Facebook unveils the Portal - arunbahl
https://www.washingtonpost.com/technology/2018/10/08/facebook-unveils-portal-video-chat-camera-people-who-still-trust-facebook/
======
RoyTyrell
I probably trust Facebook with this camera less than I trust Amazon with their
Echo or even the new Fire TV devices. That being said, I don't really see a
huge need for this - perhaps some people do though.

The most I've needed a webcam lately has been for work and we're having
meetings where we are frequently sharing desktops or documents, so needing to
be followed around while I pace/walk is unnecessary.
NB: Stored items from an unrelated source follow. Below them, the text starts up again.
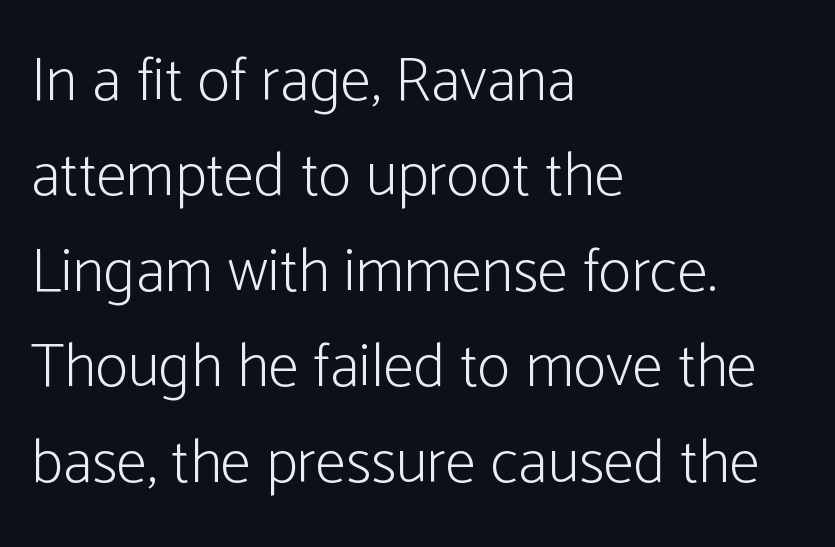
Q: Is the text bold? A: No.
Q: Is the text italic (slanted)? A: No, it is upright.
Q: Is the typeface a serif or a sans-serif typeface? A: Sans-serif.
Q: Is the text underlined? A: No.
Q: How is the paragraph aligned? A: Left-aligned.
Q: Is the spacing between letters normal or unusually wide? A: Normal.
Q: Is the spacing between lines tight, normal or loose? A: Normal.
Q: Width (condensed, normal, or wide)? A: Condensed.
Q: Stroke contrast? A: Low.
Q: x-height? A: Medium.
Q: Monospaced? A: No.
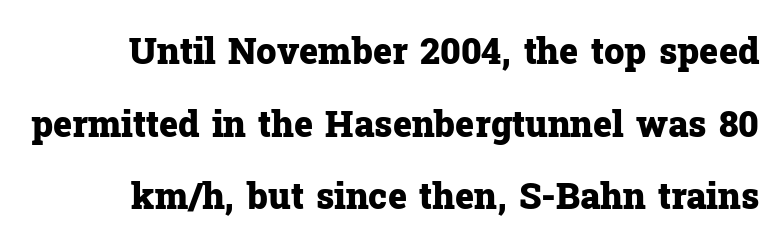
Q: Is the text bold? A: Yes.
Q: Is the text italic (slanted)? A: No, it is upright.
Q: Is the typeface a serif or a sans-serif typeface? A: Serif.
Q: Is the text underlined? A: No.
Q: Is the spacing between letters normal or unusually wide? A: Normal.
Q: Is the spacing between lines tight, normal or loose? A: Loose.
Q: Width (condensed, normal, or wide)? A: Normal.
Q: Stroke contrast? A: Low.
Q: x-height? A: Medium.
Q: Monospaced? A: No.

I've occasionally used
FaceTime for friends and family but that's mostly just BSing around and my
iPhone works just fine.

Perhaps Facebook has a lot of market research showing there's enough people to
either make this work or they're willing to take a chance and hope it catches
on.

------
pandapower2
>identifies the shape of people within its 140-degree field of view and pans
and zooms to make sure they’re all always in the frame.
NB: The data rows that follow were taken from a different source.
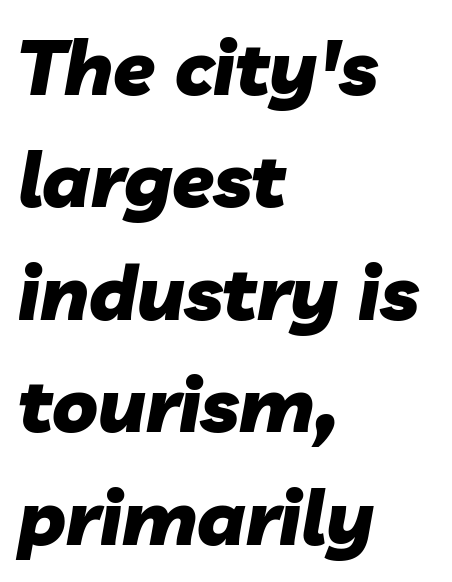
The image shows 76 px heavy type, italic (leaning right); set left-aligned, normal line spacing (1.48x), normal letter spacing, not underlined; low stroke contrast and a medium x-height.
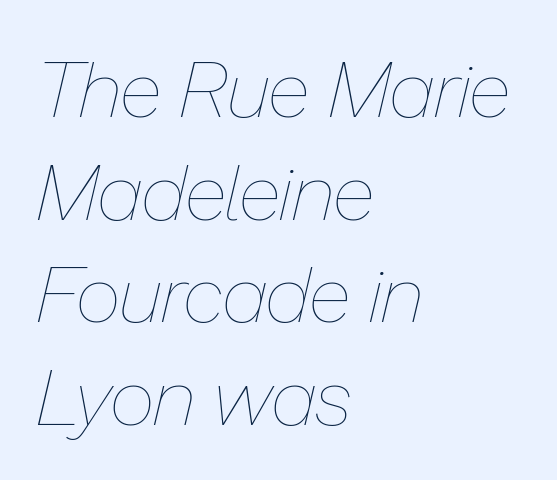
{"italic": "yes", "lean": "right", "slant_degrees": 13, "bold": "no", "weight": "thin", "width": "normal", "stroke_contrast": "low", "x_height": "medium", "monospaced": "no", "underline": "no", "align": "left", "line_spacing": "normal", "line_spacing_ratio": 1.3, "letter_spacing": "normal", "letter_spacing_em": 0.0, "glyph_px": 79}
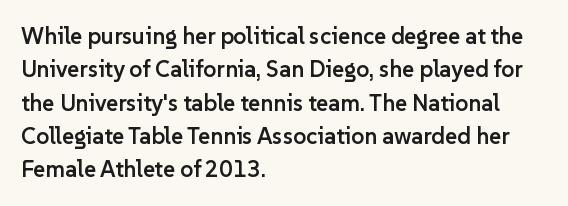
The image shows 23 px text type, upright; set left-aligned, normal line spacing (1.45x), normal letter spacing, not underlined.

Assuming the videos produced can go places other than just Facebook I could
see this being useful for youtubers and other people who produce videos on
their own. Or at least, the autopan/zoom technology will be useful but
possibly in another device.

No more interrupting your yoga demonstration to move the camera because your
head is now out of shot.

No more realizing that half of your face was periodically out of shot during
the 10 minute review/monologue/whatever that you just finished recording.